— Work task —
Look below for the line with "Tactile sensor images", then repeat it and all lines after it, exactly, minus any pictures.
■ ■ ■
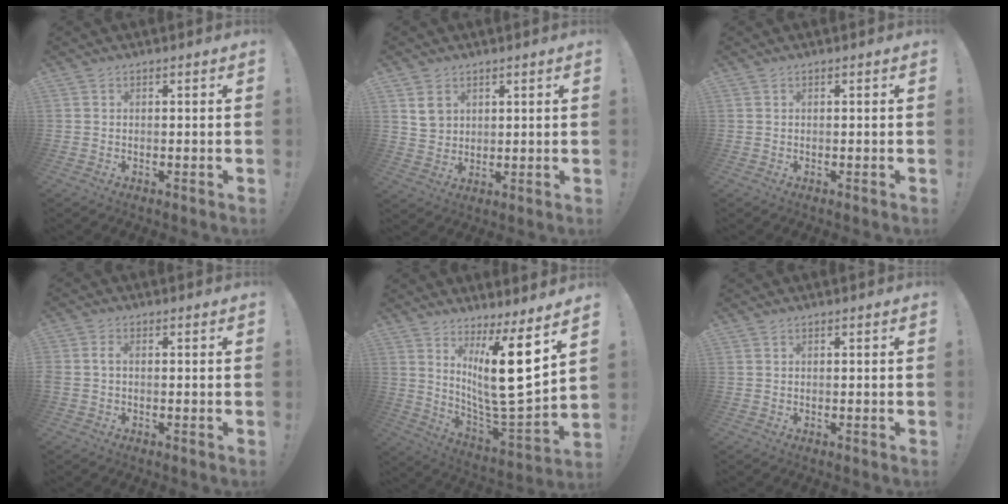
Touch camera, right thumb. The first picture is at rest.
{"total": 5.6, "force": [2.9, 4.5, 1.6], "torque": [-0.021, -0.011, 0.057]}
{"total": 0.0}
{"total": 1.8, "force": [-0.5, 0.8, 1.5], "torque": [-0.028, 0.007, -0.009]}
{"total": 17.6, "force": [7.0, 3.3, 15.8], "torque": [-0.260, -0.065, 0.110]}
{"total": 0.0}
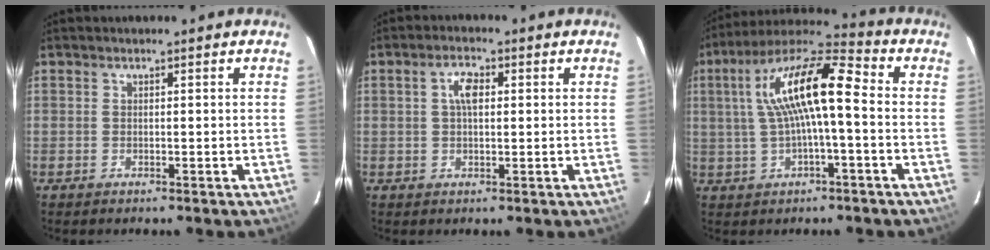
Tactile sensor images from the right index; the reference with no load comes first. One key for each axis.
{"total": 3.6, "fx": 0.8, "fy": 1.8, "fz": 3.1, "tx": -0.058, "ty": 0.011, "tz": 0.015}
{"total": 14.2, "fx": 0.9, "fy": 3.2, "fz": 13.8, "tx": -0.260, "ty": 0.027, "tz": 0.012}
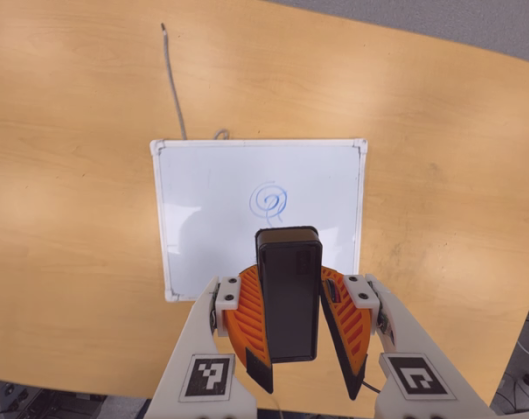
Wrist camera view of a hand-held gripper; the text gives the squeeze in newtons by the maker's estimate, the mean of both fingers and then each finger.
{"total": 7.6, "left": 8.4, "right": 6.9}
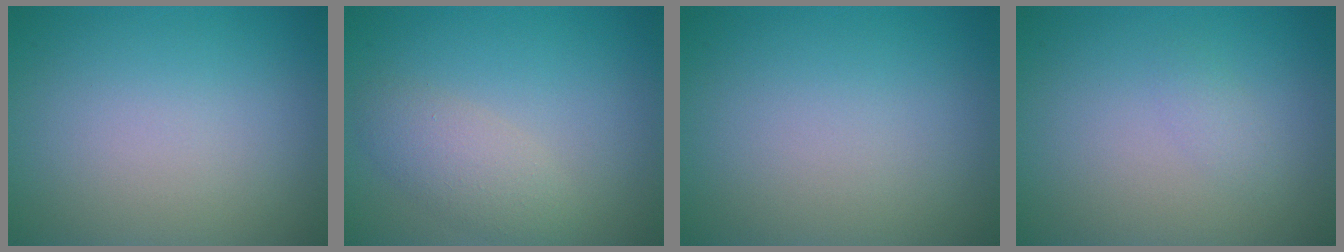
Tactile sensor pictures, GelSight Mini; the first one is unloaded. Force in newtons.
{"total": 2.8, "press": 2.8, "slide": 0.1}
{"total": 0.0}
{"total": 0.9, "press": 0.9, "slide": 0.1}
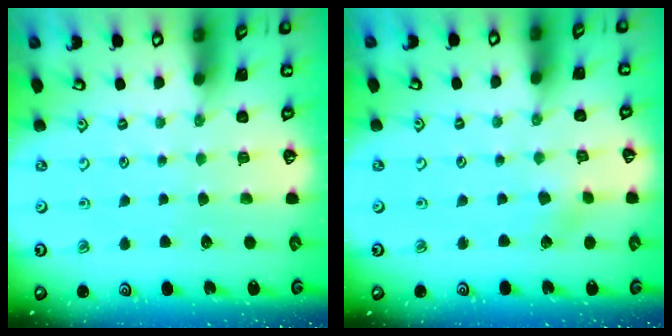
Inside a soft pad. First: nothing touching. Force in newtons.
{"total": 1.9, "press": 1.9, "slide": 0.2}
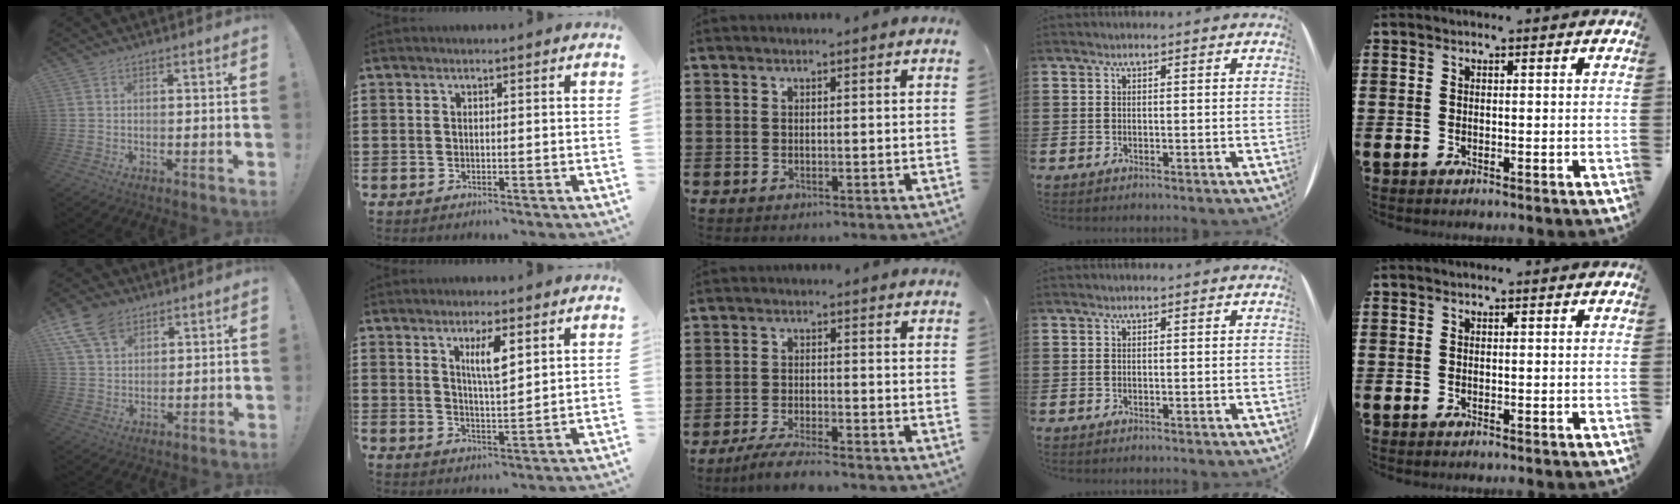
■ ■ ■
— Worked solution —
Tactile sensor images from the right index; the reference with no load comes first. One key for each axis.
{"total": 3.6, "fx": 0.8, "fy": 1.8, "fz": 3.1, "tx": -0.058, "ty": 0.011, "tz": 0.015}
{"total": 14.2, "fx": 0.9, "fy": 3.2, "fz": 13.8, "tx": -0.260, "ty": 0.027, "tz": 0.012}
Wrist camera view of a hand-held gripper; the text gives the squeeze in newtons by the maker's estimate, the mean of both fingers and then each finger.
{"total": 7.6, "left": 8.4, "right": 6.9}
Tactile sensor pictures, GelSight Mini; the first one is unloaded. Force in newtons.
{"total": 2.8, "press": 2.8, "slide": 0.1}
{"total": 0.0}
{"total": 0.9, "press": 0.9, "slide": 0.1}
Inside a soft pad. First: nothing touching. Force in newtons.
{"total": 1.9, "press": 1.9, "slide": 0.2}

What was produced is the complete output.